I was not on a Sherlockian quest for clues. The car had been towed to Farberville to be examined for fingerprints, stray hairs, buttons, radioactive dust bunnies, blackmail notes, cryptic chemicals, and all those wonderfully exotic things that are found only in fiction. Seraphina’s body was at the state lab in Little Rock. The official autopsy would not turn up a South American tree frog poison or a needle mark hidden in her scalp. She’d been strangled. In her case, there’d been no crude attempt to fake a suicide.

I went to the edge of Boone Creek and began to pitch rocks into the water, causing blue jays in the trees to squawk and turtles on a sunlit log to plop into the water.

Cory Jenks’s story could be true: He’d gone to Emmet, returned home at 12:05 with a case of bootlegged beer, and stayed inside the remainder of the night. Unbeknownst to him, his truck had been possessed by Satan and taken itself for a drive. Minor problem. Malachi Hope’s story could be true: He’d gone to the gym and reasoned with Norma Kay, gone to the RV, and gone back to the gym at 1:30. His explanation of the faked note was somewhat credible.

Chastity’s story could be true: She’d gone to the Dairee DeeLishus and was there when Seraphina pulled up. They’d argued in the parking lot, argued in the road, and argued in the pasture before Chastity had gone inside the RV, leaving her sister in the Mercedes.

Joey’s story, although less complex, could be true: He’d been fired, taken a ride on his motorcycle, toured the county, and returned to the tent after he’d calmed down.

Thomas Fratelleon’s downright simplistic story could be true: He spoke to Malachi at 12:05 and then went to bed.

I tried to think if I was missing anyone. Bur Grapper was a suspect in a minimal way. He could have driven to the gym and waited until Malachi left, then killed Norma Kay in a jealous rage. Had Seraphina entered the gym at the worst possible moment? If Bur had strangled her, he’d have to have driven her car to the creek and walked all the way back to the high school to retrieve his truck. He’d barely have made it home by dawn.

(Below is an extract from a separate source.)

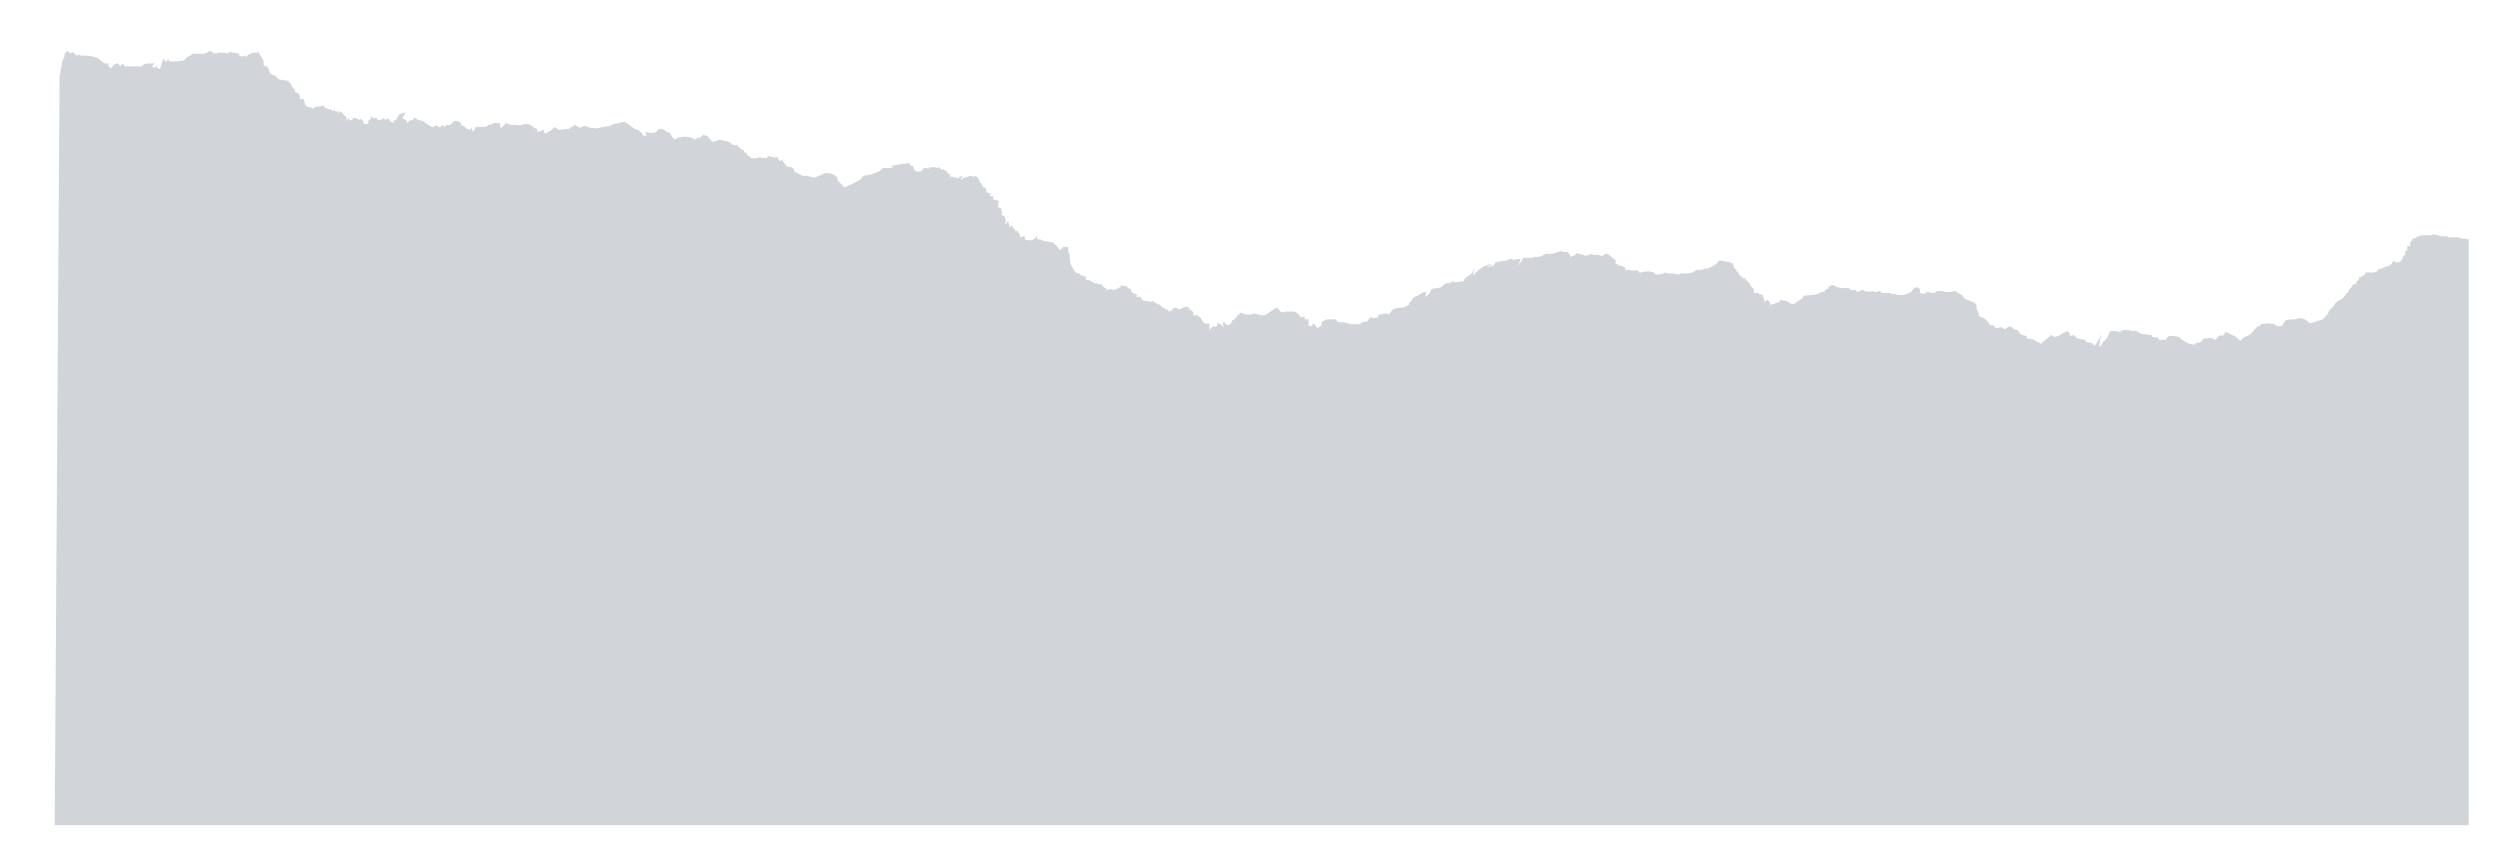 <?xml version="1.0" encoding="UTF-8"?> <svg xmlns="http://www.w3.org/2000/svg" width="1280" height="441" viewBox="0 0 1280 441" fill="none"> <g filter="url(#filter0_di_168_614)"> <path d="M1247 114.5V414.5H11L13.5 31L15 23L16 21V19.5L17.5 18L18 18.5L19 19.5L20 18.5L20.5 19C20.9 19.4 22 20.167 22.5 20.5L23.985 19.758C24.327 19.49 24.957 19.203 25.5 19L23.985 19.758C23.486 20.148 23.602 20.5 25.5 20.5C28.7 20.5 30.5 20.833 31 21L33.5 22L36.5 24.5H38.5V26L40 27L41 25.5L42.5 24.5H43.5L44.5 26L46 24.5C46.167 25 46.6 26 47 26H50.5H53.5C54.5 26 55.5 26.5 56 25.5C56.4 24.7 58.167 24.5 59 24.5H61L62 24L61 26L62 27L63 25.5V26C63.5 26.667 64.6 27.8 65 27C65.4 26.2 66.167 23.333 66.5 22L67.5 23C67.5 23.333 67.6 23.9 68 23.5L69.5 22C69.167 22.5 69 23.5 71 23.5C73 23.5 75.833 23.167 77 23L79 21L80.5 20.5L81.5 19.5H87.5L89 19L90.5 18L92 19L94 19.5L94.5 19H98L99.5 19.5C100.3 18.3 101.833 18.667 102.5 19L105.5 19.5V20.5L107 21L108 20.5L109.5 21V20.5L111 19.5L112.5 19H113.5H114.5L115 18.5L116.5 20.5L117 21.5L118 23.5V24V25.5L119.5 26L120.5 27L121 29L122.5 30.5H123.5C123.9 30.5 125 31.833 125.5 32.5C126 32.667 127.2 33 128 33C128.8 33 130 33.333 130.5 33.5L132 35L132.5 36.5L134 38V39L136 40L136.5 41V43C137 42.667 138.1 42.2 138.5 43C139 44 139 46 140 46.5C142.373 46.974 143.103 47.355 143.131 47.621L145 46.5H147C147.5 46.167 148.6 45.7 149 46.5C149.4 47.3 150.833 47.833 151.5 48H152.5L153.5 49L154.5 48V49H156V50L157 49L158.5 50L159.5 51.5H160L160.5 52.5L160 54L161.5 52.5L162 53.5H163.5V52.5H165L167.5 53.5V52.5L169 54V55L169.5 55.5H170.5H171.5V54L173 52.5L172.5 51L174 52.5H175H176C176 52.833 176.2 53.5 177 53.5C177.8 53.5 179 52.833 179.5 52.5L180.5 53.5L181.5 52.5L182.5 53.5V54L184.5 55V53.5H186V52.5L187 51.5V51C187.333 50.667 188.2 50 189 50C189.8 50 190.667 49.333 191 49L189 52.5L191 53.5V54L191.5 55L193 53.5C194.6 53.9 194.667 53 194.5 52.5H196L197 53.5H198.5C198.667 53.667 199.1 54 199.5 54C199.9 54 200.667 54.667 201 55L202.5 56L204 57H205L206.5 56L207.5 57H208.5L209.5 56L210.5 57L211.5 56H213.5L214.5 55L215.5 54H216H217.5L218 54.5L219 55V56L221 57L222 58C222.333 58 223.1 58.1 223.5 58.5C223.9 58.9 224.333 57.667 224.5 57L225 59.5L226 58.5L226.5 57H227.5H231.5C231.9 57 232.667 56.333 233 56L235 55.5L235.5 55H239C239 55.833 239.1 57.5 239.5 57.5C239.9 57.5 241.333 55.833 242 55C243.083 55.5 245.3 56.4 245.5 56C245.75 55.5 249.5 56.5 250 56C250.5 55.5 251 55.5 253 55.5C254.6 55.5 256 56.833 256.5 57.5L258 58V59.5L260.5 59L261 58L262 60.5L265.5 58.5L267 57L269 58.5L273.5 58H274.5L275.5 57L277 56.5C276.833 56.167 276.7 55.6 277.5 56C278.3 56.4 279.5 57.167 280 57.5L280.5 57L282.5 56.5L285.5 57.5H287C287.167 57.667 287.9 57.9 289.5 57.5C291.5 57 294.5 56.5 295 56.5C295.4 56.5 296.5 55.833 297 55.5L300 55L301.5 54.5H303L304.5 55.5L308 58C308.333 58.167 309.1 58.5 309.5 58.5C309.9 58.5 310.667 59.167 311 59.5L312 61L312.5 61.5H314L313.5 59.5L315.5 60H317.5L319 59.5C319.333 59 320.1 58 320.5 58H322L323 58.5L324.5 59.5L325.812 60L327.5 62.5L328.5 63.5L330 62.5L333 62H335.25L337.188 62.5L338.5 63.5L340.5 62.5H341.5L343 61L344.5 61.5C344.833 61.5 345.5 61.6 345.5 62C345.5 62.4 346.833 63.5 347.5 64C347.167 64.333 346.9 64.9 348.5 64.5C350.5 64 351 63.5 351.5 63.5C352 63.5 353 64 353.5 64C353.9 64 355.333 64.333 356 64.5L358 66L359.5 66.5L360.5 66L361 67.5L361.5 67L362 67.5C361.833 67.5 361.6 67.6 362 68C362.4 68.4 363.5 68.833 364 69V70L365.5 70.5V71L366 72H367L367.5 73H370L372 72.5C372.4 72.5 373.167 72.833 373.5 73L374 72.5C374 72.667 374.2 73 375 73C375.8 73 376 72.333 376 72H377C379 72.4 380.167 72.833 380.5 73L379.5 72L381 72.5C381.167 72.667 381.5 73.1 381.5 73.5C381.5 73.9 382.167 74.333 382.5 74.5L383.5 73.5L384 75L385 76C385.333 76.5 386.1 77.5 386.5 77.5H388L389 78L390 80L392 81L394 82H396L398 82.5L400 83L403.5 81.5L406 80.5L409 81L411.5 82.5L412 84.5L413.5 86L415.5 88C416.333 87.5 418.1 86.5 418.5 86.5C418.9 86.5 420.667 85.5 421.5 85L423.5 84L425 82L428.5 81.5L432.5 80C432.833 79.833 433.6 79.4 434 79C434.5 78.5 435 78 435.5 78H440.5L439 77L444.5 76L448.5 75.5L448.812 76L449.5 77H450.5L451 79L453 80L455 79.5L456 78H457L458.5 78.5V78L459.5 77.5L460 78C460 77.833 460.1 77.5 460.5 77.5C460.9 77.5 462.333 77.833 463 78L464 77.5L465 79L466 78.5L466.5 79L468 80V80.688L469 81L469.5 82.5H471L472 83H473C473.167 83.333 473.5 83.9 473.5 83.5C473.5 83.1 474.167 82.667 474.5 82.5L476 82L475 83.5C475.167 83.833 475.5 84.4 475.5 84C475.5 83.6 476.167 83.167 476.5 83L478.5 82.5C478.667 82.333 479.1 82 479.5 82C479.9 82 481 82.333 481.5 82.5L482.5 82L482.812 82.5L484 83V83.5L484.5 84.5V85L485 85.5L486 87L486.5 88H487.5L488 90L488.5 90.5L489.5 91H490.5L489.5 92.312L491.5 92.5V94L493 94.5L494.5 95L494 96.5V98L494.5 98.312L495.5 98.5L496 100.5V101.5L495.5 102L497 102.5L497.5 103L498 105.5C497.667 106 497.2 106.9 498 106.5C498.8 106.1 499 105.333 499 105L499.5 106.5L500 108.5L501 107.5L501.5 108L502 109.5L502.5 109L503 110.5L504 110V110.5L504.5 111L505 112L505.5 113.5L507 113H507.688V114.5L509.5 115H511.5L513 114L514 112.5V114.5H515.5L517.5 115.5H519L520.5 116H522L523 117L524 118L525 119L525.5 120L527 119V118.5H530V121.5H530.5L531 126.5C531.667 128.333 533.4 132 535 132C536.6 132 536 132.333 535.5 132.5L540 134H538.5L539 135L540 135.5H541L542.5 136.5L543.5 137H544.5L545.5 137.5H547L547.5 138.5L548.5 139V139.5H549.25L549.5 140.5L551.5 140L553.5 140.5L554.5 140C554.667 140 555.1 139.9 555.5 139.5C555.9 139.1 556.667 139 557 139L556.5 138L558.5 138.5H560L560.5 139.5L562 140V141L562.5 141.5L563 142L564 142.5H564.5L565.5 143.5H564L565.5 144H567L567.5 145L568.5 146H570C570.5 146.167 571.6 146.5 572 146.5C572.4 146.5 573.167 146.167 573.5 146L574 147H575L575.5 148L576.5 147.5V148L578 149V149.5H578.75L580 150.5H581L581.5 151.5L583 151L583.5 150L585 149.5L586 150L586.5 150.5L587.812 150L589 149.5L590 149H591.5V150H592.5V151H593.5V151.5L594 152V153V153.5H595.5V153L598 155L599 157L600.5 158L601 157.5H602L602.5 161L603.5 159.5L605 159C605.167 159.333 605.6 159.8 606 159C606.5 158 606 157.5 606.5 157.5C606.9 157.5 607.667 157.833 608 158C608.5 158.667 609.5 159.9 609.5 159.5C609.5 159 608.5 157 609.5 157C610.3 157 610.833 158 611 158.5L613 158L614 156L615 155.5L615.5 155L616 154.5L616.5 153.5L617.5 153L618 152L619.5 152.5C619.667 152.667 620.2 153 621 153H624L625 152.5L627 153L629.5 153.5L631.5 153L633.5 151.5L635 150.5L637 149.5L638.5 151.5L640 152L641 151.5H645.5L647.5 152.5L649 154.5L651 154V155.5H653V157.5V158.688L654.5 159L655.5 157.5L657.5 160L659.5 158.688L660 156.5L662.5 155.5H667L667.5 156.5C667.667 156.667 668.1 157 668.5 157H671C672 157 674 158 675 158H679.5V157.5L680.75 157L683 156.5L684.5 154.5H685.5L686 155L688.5 154.5L689 153H690.5L691.5 152.5H692.5L694 153L696 150.5L697 150L699.5 149.5H701.5L704.5 148V147L706 145.5L706.5 144.5L708.5 143.5L711 142L712.5 141.5C712.833 141.5 713.4 141.8 713 143C712.804 143.589 712.549 143.961 712.309 144.187C713.492 143.539 715.165 142.34 715.5 141C715.9 139.4 717 139.667 717.5 140V139.5H719L721 139L722 138C722.4 137.6 723.167 137.167 723.5 137H725.5L726.5 136L728 136.5L732.5 136L733 134.5L734.5 133.5C735 133.167 736.1 132.4 736.5 132C736.9 131.6 737.667 129.833 738 129L737 133.5C738.333 131.667 741.9 127.9 745.5 127.5C749.1 127.1 746 128 744 128.5C745.333 128.667 748.1 128.5 748.5 126.5L750 126L753.5 125.5L756.5 124.5L758 125L761.5 124.5L760.5 128L763 124H764.5H767L769 123.5H771C771.4 123.5 773.5 122.5 774.5 122H776.5C778.1 122 780.833 121 782 120.5L783.5 121H785.5L786.5 122C787 122.5 787 124 787.5 123.5C787.9 123.1 789 122.667 789.5 122.5L790.5 121.5L791.5 122L793.812 122.5L794.5 123L796.5 122.5L797.5 122L799 122.5H801.5C802 122.833 803.1 123.4 803.5 123C803.9 122.6 804.667 122.167 805 122H806L807.5 123L810.5 125.571L810 126.5L810.5 127.25H811.5V128H812.5L814 128.5L815 129L815.5 130.5L817 130L818 130.5H819H822V131.5H823.5C823.9 131.5 825 131.167 825.5 131H826.5C827 131 827 130.5 827.5 131C828 131.5 829 131 829.5 131.5C830 132 830.5 132.5 831 132.5H833C833.4 132.5 834.167 132.167 834.5 132L835.5 131.5L836.5 132H838H839.5L842 132.5L844 132H845H847L849.5 131.5L852 130L853 130.5L853.5 130H855L855.5 129.5H857.5L858.5 129L859.5 128.5L861 127.5L862 127L863 125.5H863.5H865L867 126H868L869 126.5L870.5 127V128L871 129.5L872 130V131H873V132L873.5 132.5L874 133.5H875V134.5H877L876.5 135.5H877.5L878 136.5L879 137V138L880 139L881 140V142H883L883.5 142.5L885.5 143L886.5 146.5L888 145.5L889 146.5L889.5 148C889.5 148.167 889.6 148.4 890 148C890.4 147.6 891.167 147.5 891.5 147.5L892.5 147C893 147 894 146.9 894 146.5C894 146.1 894.5 145.667 894.75 145.5L897 146L898.5 146.5L900 147.5H902L903 146.5L905.5 145L906.5 143.5L910 143H911.25L913.5 142.5L914.5 142L915.5 141.5H917L917.5 140.5L918.5 140L919.5 139.5L919 139L920 138.5L921 138H922L923.5 139H924.5L924.75 139.5H929.688L930.5 140.5H932H933.5V141.5L935.5 141L936 140.5H937L937.5 141L940.5 141.5L941.25 141L943.5 141.5L945 141H945.5L946.5 142H948.5H950.5L951.5 142.5H953.5L954.5 143H955H957.312C957.862 143 959 142.667 959.5 142.5L961.5 141.5L963 139.5L964.5 139L966 140V142L968.5 142.5L969.5 141.5H970.5L971.5 142H973.5L975 141H977.5L979 141.5H981.5L984 141L985.5 142L987.5 143L989 145L991.5 146L994 147L995 148.5V150.5L996 152V153.5L997.5 154.5L999 155L1000.5 156.5L1002 158.5H1003.5L1005 160L1007.5 159.5L1009.5 160.5L1011.19 159.5L1012.5 159L1014 160.5L1016 161L1017.5 163L1018.5 163.5L1020.5 164L1021 165.5H1022.5L1024.5 166L1026 167L1028 168L1029 167L1031 165.5L1033.19 163.5L1035 164.5L1037 164L1038.5 163L1041.5 161.5L1042.5 162.5L1043 164L1045 163.5L1046 165L1048 165.5L1050.5 166L1051 167L1053 167.5H1054L1055.5 169L1057.5 166L1058.81 163C1058.38 165.167 1057.6 169.5 1058 169.5C1058.5 169.5 1059.5 168 1059.5 167.5C1059.5 167.1 1060.83 166 1061.5 165.5L1062.5 163.5L1063.5 161.5H1065H1067L1067.5 162L1069.5 161.5L1070 161H1072.69L1075 161.5H1077L1077.5 162L1079.5 163L1084.5 163.5L1085 164.5L1088 165L1088.5 166H1092L1092.5 165L1093.5 164H1095.5L1098.75 164.5L1099.5 165.5L1102 167C1102.5 167.333 1103.6 168 1104 168C1104.5 168 1106 168.5 1106.5 168.5C1107 168.5 1107 167.5 1107.5 167.5C1108 167.5 1109.5 167.5 1110 167C1110.4 166.6 1110.83 165.833 1111 165.5C1111.94 165.333 1113.95 165 1114.5 165C1115.05 165 1116.73 165.667 1117.5 166L1118.5 164.5L1120 163.5C1120.33 163.833 1121.1 164.3 1121.5 163.5C1121.9 162.7 1122.33 162.167 1122.5 162L1125 163C1125.5 163.333 1126.6 164 1127 164C1127.4 164 1129.17 165.667 1130 166.5L1131.5 165L1135.5 163L1137.5 160.5L1139 159H1140L1140.5 158L1144.5 157.5L1147.5 158L1149 159H1151L1152 158C1152.4 157.6 1152.83 156.5 1153 156L1156 155.5H1158L1159.5 155H1161.5L1163 155.5L1164.5 156.5L1165.5 157.5L1167.5 157L1169 156.5C1169.5 156.333 1170.6 156 1171 156C1171.4 156 1172.5 155.333 1173 155L1174 153.5L1175 153V152L1175.5 151L1176 150.5L1177 149.5L1178 148.5L1178.5 147.5L1179 147L1180 146L1181.5 145.5C1181.5 145.333 1181.6 145 1182 145C1182.4 145 1183.17 144 1183.5 143.5L1184.5 142L1185.5 141.5V140.5L1186.5 139.5L1188 137.5C1188.5 137.5 1189.5 137.4 1189.5 137V136L1190.5 135.5L1191 134H1191.5L1193 133L1194 132.5V131.5H1198.5L1200 131L1200.5 130L1202 129.5C1202.33 129.5 1203.1 129.4 1203.5 129C1203.9 128.6 1205.67 128.167 1206.5 128L1207.5 127L1208.5 125.5L1210 126.5L1212 126L1212.5 125H1213L1213.5 123L1214.5 122.5V122V120.312H1215.5V118H1217V116L1218 115L1218.5 114H1219.5L1221 113L1223 112.5H1225.5H1227.5L1229 112L1231.5 112.5L1233 113H1236L1236.5 113.5H1242L1242.5 114L1247 114.5Z" fill="#D1D5DA"></path> </g> <defs> <filter id="filter0_di_168_614" x="0" y="0" width="1280" height="440.5" filterUnits="userSpaceOnUse" color-interpolation-filters="sRGB"> <feFlood flood-opacity="0" result="BackgroundImageFix"></feFlood> <feColorMatrix in="SourceAlpha" type="matrix" values="0 0 0 0 0 0 0 0 0 0 0 0 0 0 0 0 0 0 127 0" result="hardAlpha"></feColorMatrix> <feOffset dx="11" dy="4"></feOffset> <feGaussianBlur stdDeviation="11"></feGaussianBlur> <feComposite in2="hardAlpha" operator="out"></feComposite> <feColorMatrix type="matrix" values="0 0 0 0 0 0 0 0 0 0 0 0 0 0 0 0 0 0 0.62 0"></feColorMatrix> <feBlend mode="normal" in2="BackgroundImageFix" result="effect1_dropShadow_168_614"></feBlend> <feBlend mode="normal" in="SourceGraphic" in2="effect1_dropShadow_168_614" result="shape"></feBlend> <feColorMatrix in="SourceAlpha" type="matrix" values="0 0 0 0 0 0 0 0 0 0 0 0 0 0 0 0 0 0 127 0" result="hardAlpha"></feColorMatrix> <feOffset dx="6" dy="4"></feOffset> <feGaussianBlur stdDeviation="1"></feGaussianBlur> <feComposite in2="hardAlpha" operator="arithmetic" k2="-1" k3="1"></feComposite> <feColorMatrix type="matrix" values="0 0 0 0 0.312 0 0 0 0 0.315 0 0 0 0 0.333 0 0 0 0.05 0"></feColorMatrix> <feBlend mode="normal" in2="shape" result="effect2_innerShadow_168_614"></feBlend> </filter> </defs> </svg>

A black snake slithered across the gravel bar in search of a toasty rock or a plump, reckless rodent. Finding neither, it disappeared into the weeds. I recognized it as a water moccasin, content to peacefully go about its business—but aggressive and dangerous when provoked. As a kid, I’d provoked plenty of them on a summer day, just to watch my friends scramble out of the water, shrieking shrieking and cussing. All it took was a long stick and a steady hand.

—==(O)==—

“The next year I lost that point guard,” Bur said, perilously near tears. He wiped his cheeks with a disgustingly crusty handkerchief, then tucked it underneath the cushion and took off like a Roman candle on the Fourth of July. “Him and his uncle went deer hunting over by Pineville. The next thing I hear, the kid’s paralyzed on account of a goddamn bullet in his spine. He was the one I was telling you about who was shooting fifty-eight percent from the floor and eighty-seven percent from the line. What am I supposed to do? Amos thinks we can bring up this reedy kid off the sophomore bench, despite the fact the kid’s flunking everything, including study hall. His eligibility’s a joke. I know we’re gonna face Greenland the week after Thanksgiving. I ask you—what am I supposed to do?”